**What this task involves:**
Look below for the line with "Tactile sensor pictures;" and the line with "Gel camera, home-made"; repeat exactly those two lines and all lines between them, but no pictures.

**Data listing:**
=== Section Start ===

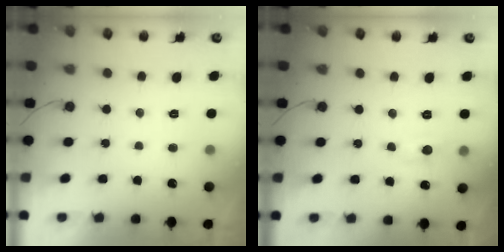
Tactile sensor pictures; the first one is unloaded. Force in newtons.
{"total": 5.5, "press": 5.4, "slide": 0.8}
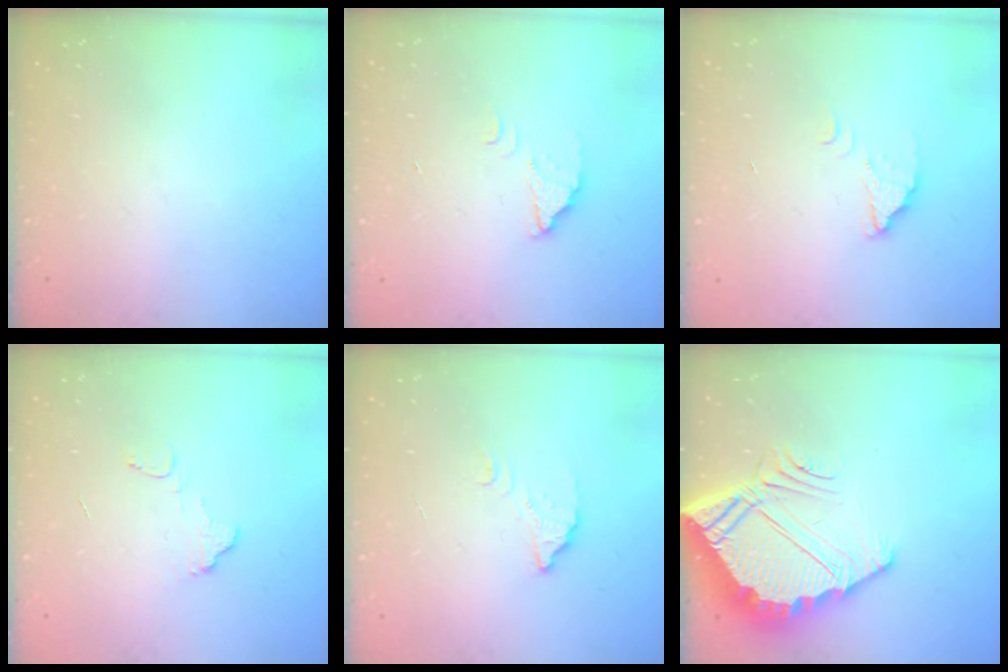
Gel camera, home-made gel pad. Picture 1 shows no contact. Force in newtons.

=== Section End ===
=== Section Start ===

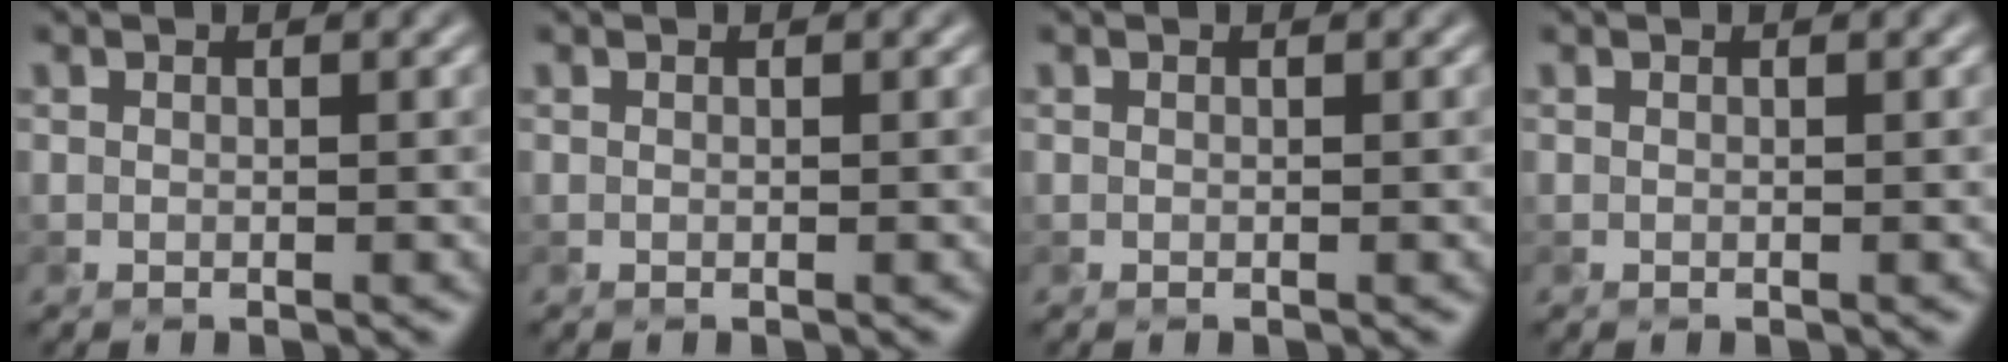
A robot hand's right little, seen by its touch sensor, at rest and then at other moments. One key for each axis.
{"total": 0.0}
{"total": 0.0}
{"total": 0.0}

=== Section End ===

**Problem solution:**
Tactile sensor pictures; the first one is unloaded. Force in newtons.
{"total": 5.5, "press": 5.4, "slide": 0.8}
Gel camera, home-made gel pad. Picture 1 shows no contact. Force in newtons.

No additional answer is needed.